After the battering the poor bike has taken on these rough roads in Russia and Mongolia, it was time to do a few repairs.
Fortunately, one of Murray's local staff here is a bit of a magic "fixit" person, able to fix anything no matter what. One of the support brackets on the pannier rack had broken away (probably back in France at the Chunnel train station when it toppled sideways onto a concrete ledge in 2010) but the roughness of these roads was making it worse, with it really hanging outwards. So, because the guesthouse welder decided to short out and not work, Mr Fixit rode his little bike, with me following, off to one of his mates' workshops, who happens to be the town's best mechanic, who is also a welder. Three minutes later, the bracket was securely welded and looking good. No money was requested, so I gave him T10,000.
Back to the guesthouse, where Mr Fixit went to work, belting the dents out of one of the pannier lids that had come adrift in South Korea and had bounced down the road, so that it now fits perfectly again. Then the other pannier, where one of the mounting brackets had completely come adrift, although I had luckily salvaged it. He found some suitable long bolts and rebolted it back into position. It's now good to go. He found a bolt to replace a lost one, and retightened another on the opposite side, both now holding the pannier rack firmly onto the bike.

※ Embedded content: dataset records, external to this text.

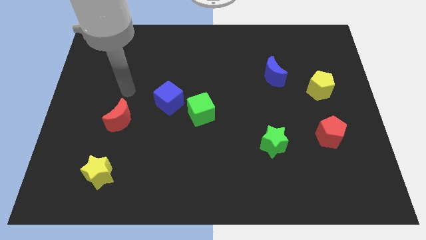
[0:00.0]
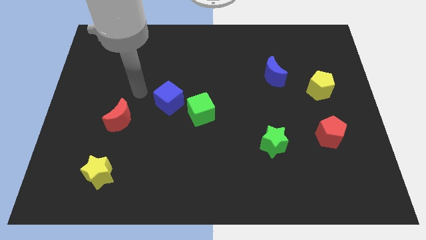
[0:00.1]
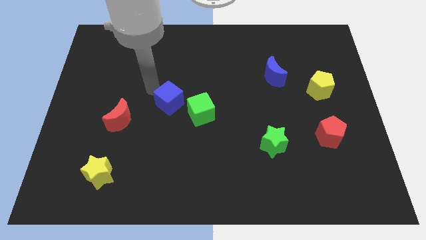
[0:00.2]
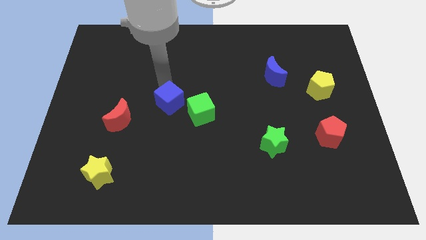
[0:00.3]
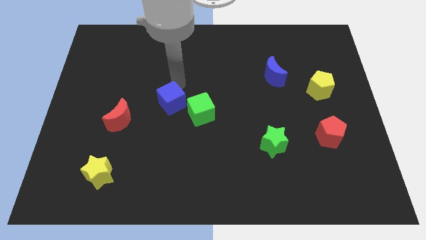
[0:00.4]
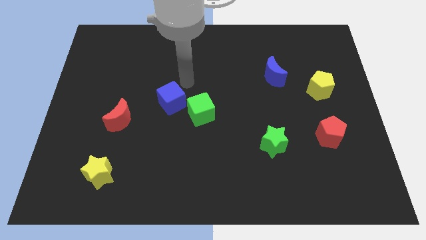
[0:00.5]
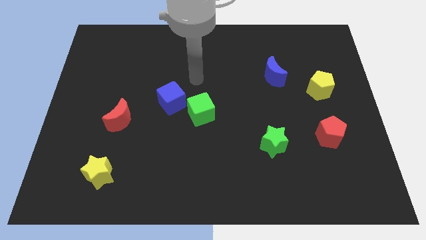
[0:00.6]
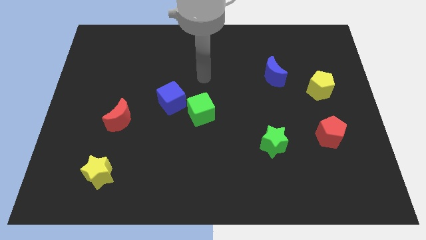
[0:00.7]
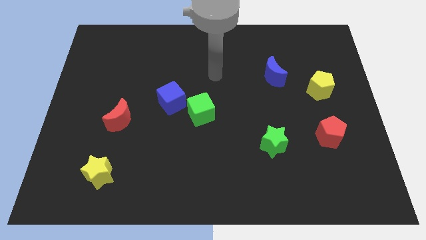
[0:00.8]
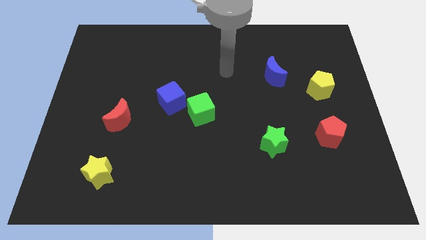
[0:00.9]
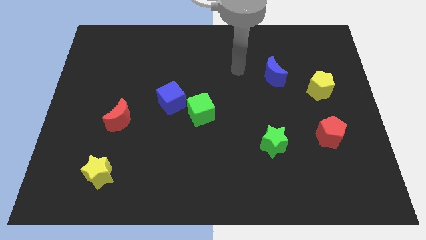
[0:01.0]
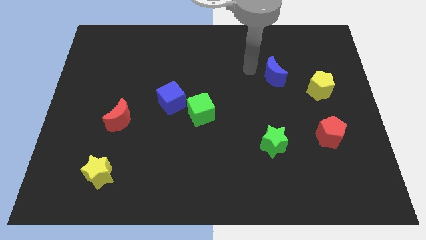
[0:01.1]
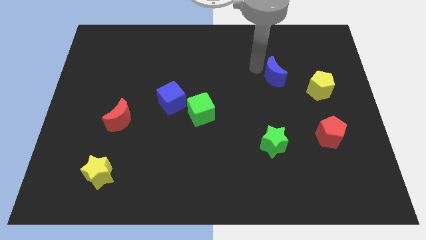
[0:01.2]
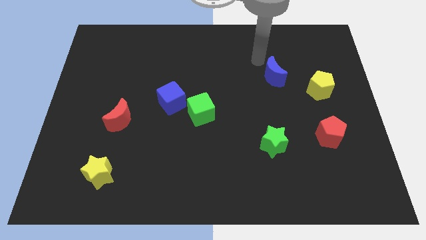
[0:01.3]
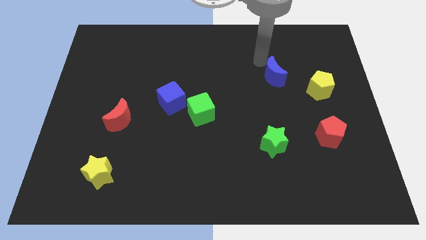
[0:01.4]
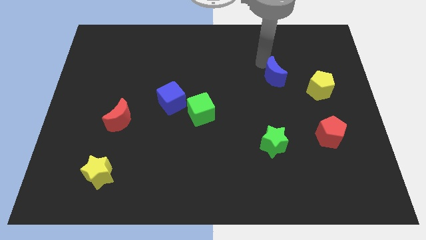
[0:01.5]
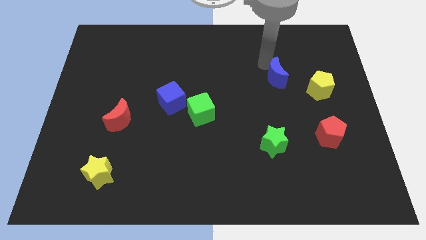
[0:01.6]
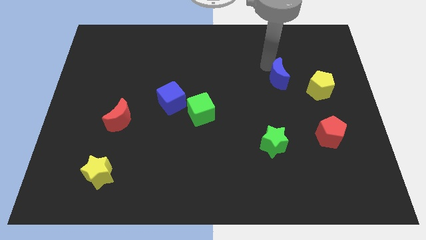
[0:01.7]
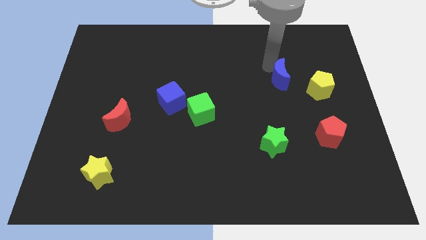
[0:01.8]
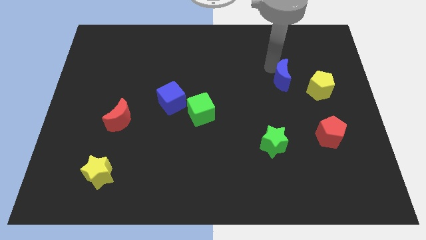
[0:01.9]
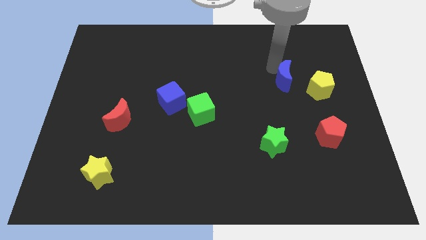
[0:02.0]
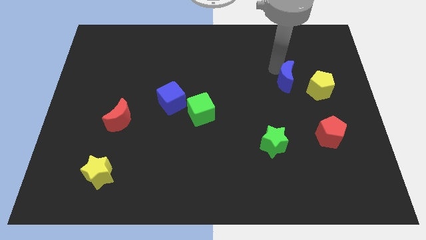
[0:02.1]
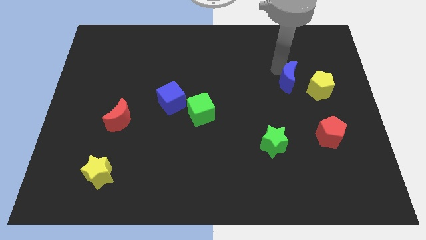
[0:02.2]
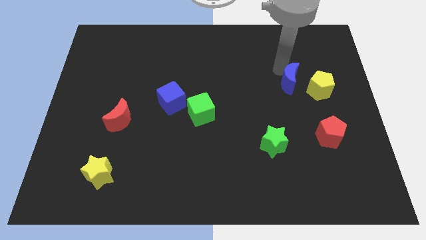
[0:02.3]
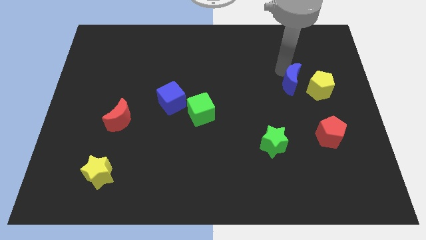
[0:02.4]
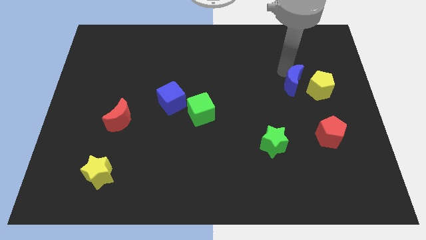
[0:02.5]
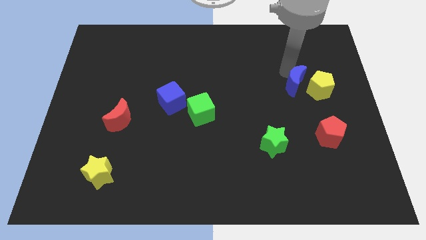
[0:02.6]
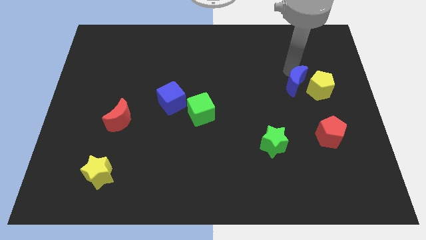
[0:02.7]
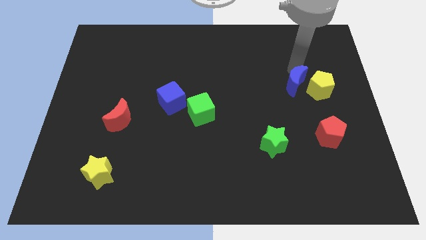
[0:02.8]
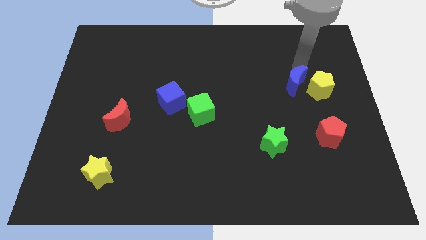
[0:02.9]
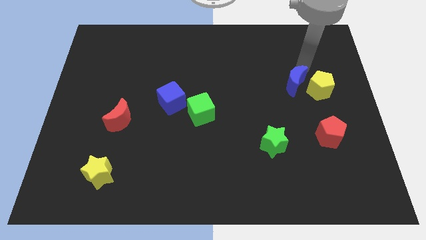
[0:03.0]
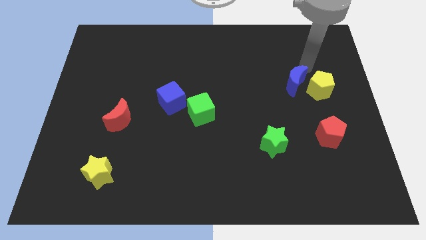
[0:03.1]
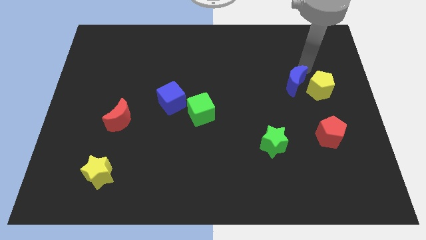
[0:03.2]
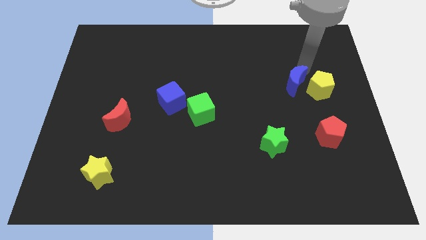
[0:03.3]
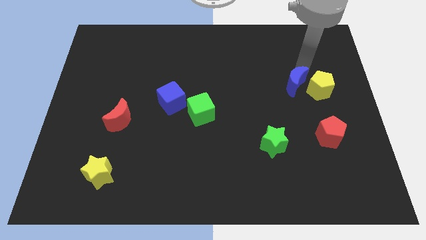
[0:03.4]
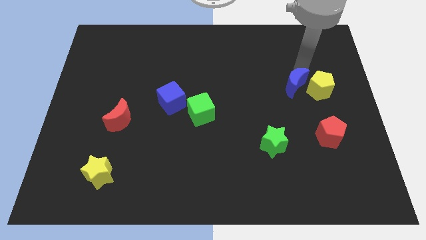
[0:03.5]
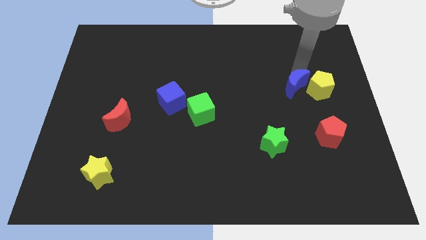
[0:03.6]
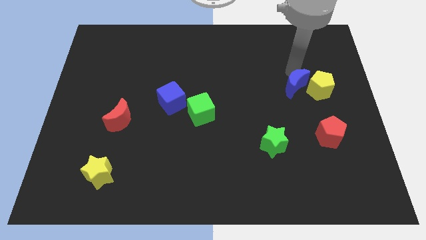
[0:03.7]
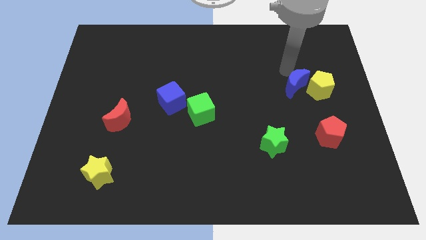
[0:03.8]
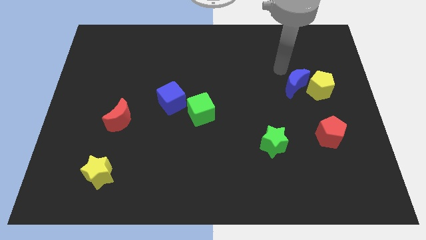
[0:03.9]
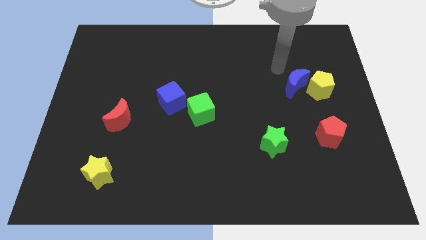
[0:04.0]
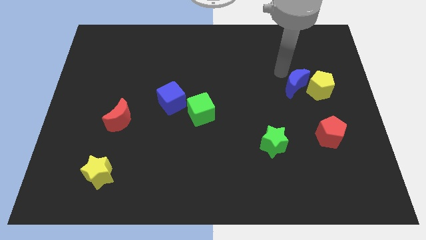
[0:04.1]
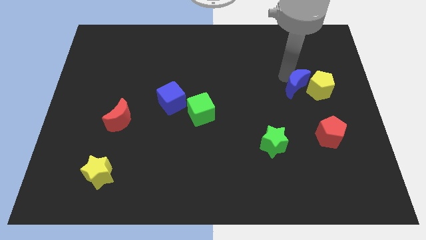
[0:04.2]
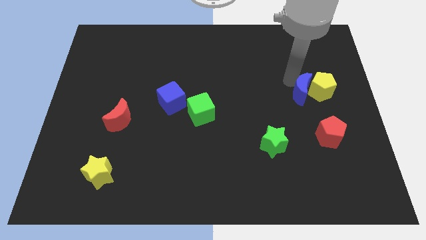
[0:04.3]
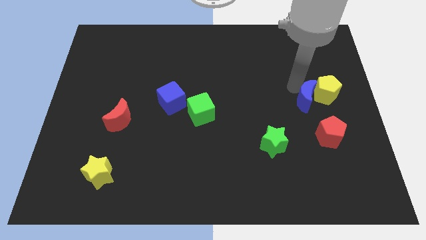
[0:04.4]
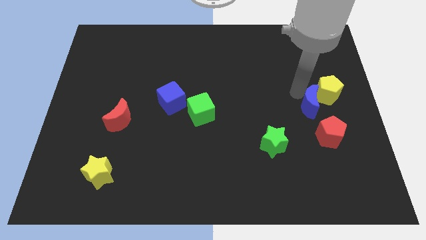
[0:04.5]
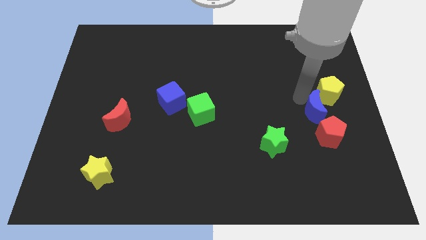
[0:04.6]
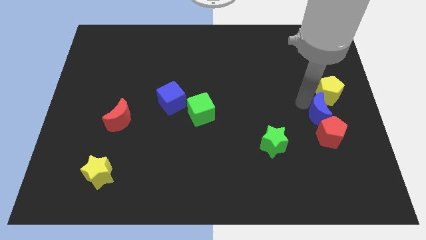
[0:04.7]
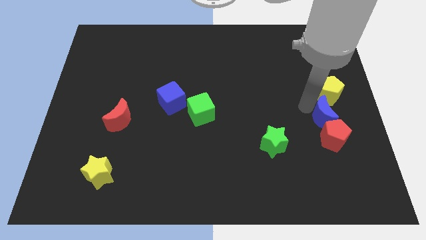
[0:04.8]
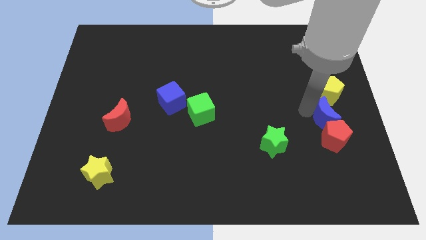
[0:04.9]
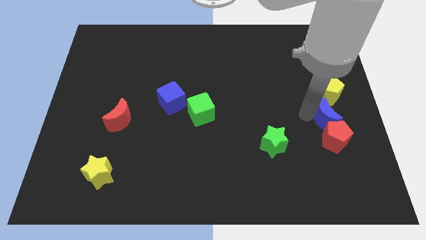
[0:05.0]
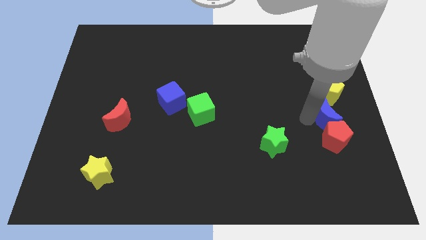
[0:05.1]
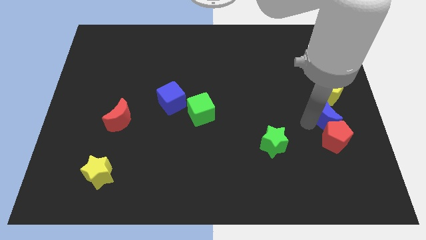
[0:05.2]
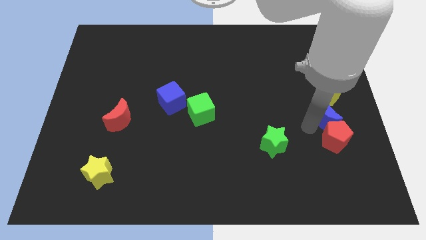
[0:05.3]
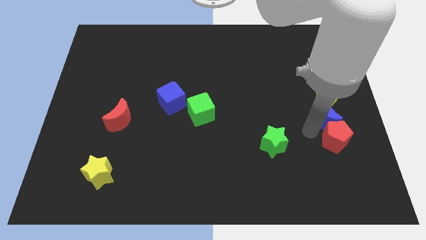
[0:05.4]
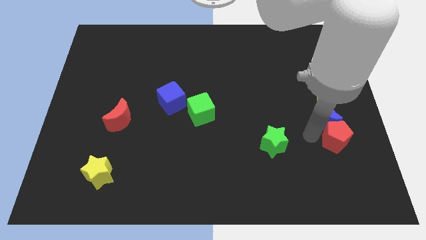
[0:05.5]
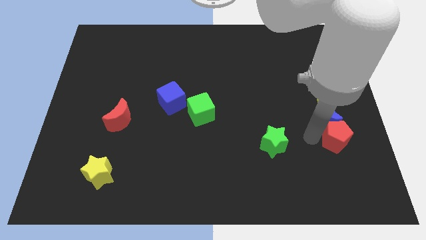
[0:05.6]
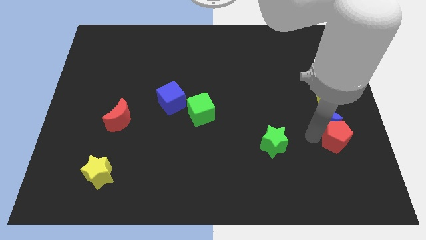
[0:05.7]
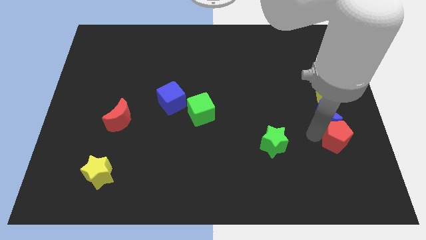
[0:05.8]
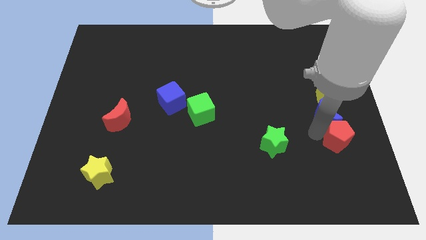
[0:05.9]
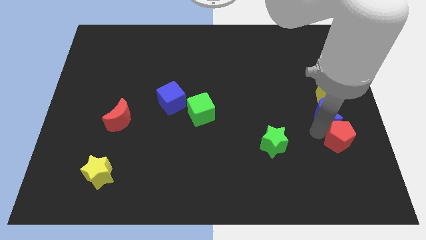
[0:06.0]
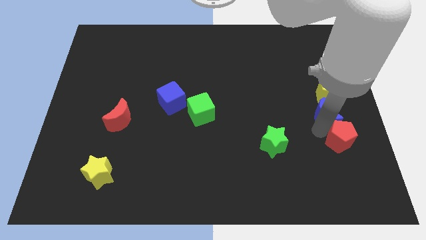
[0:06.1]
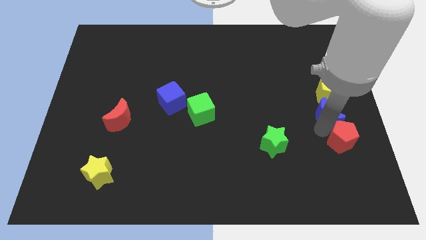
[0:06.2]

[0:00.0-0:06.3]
put the blue moon to the right side

Then he found a length of slim but strong aluminium tube, and fashioned a new flag pole for me, affixing it to the pannier rack and supports with cable ties. So now the Aussie flag is flying again. WooHoo!
All within a very short timeframe, too. So, again unasked for, I slipped him T20,000 and a koala for his little boy. It certainly pays to make sure the bike is functioning correctly, particularly on these roads. I'm happy again!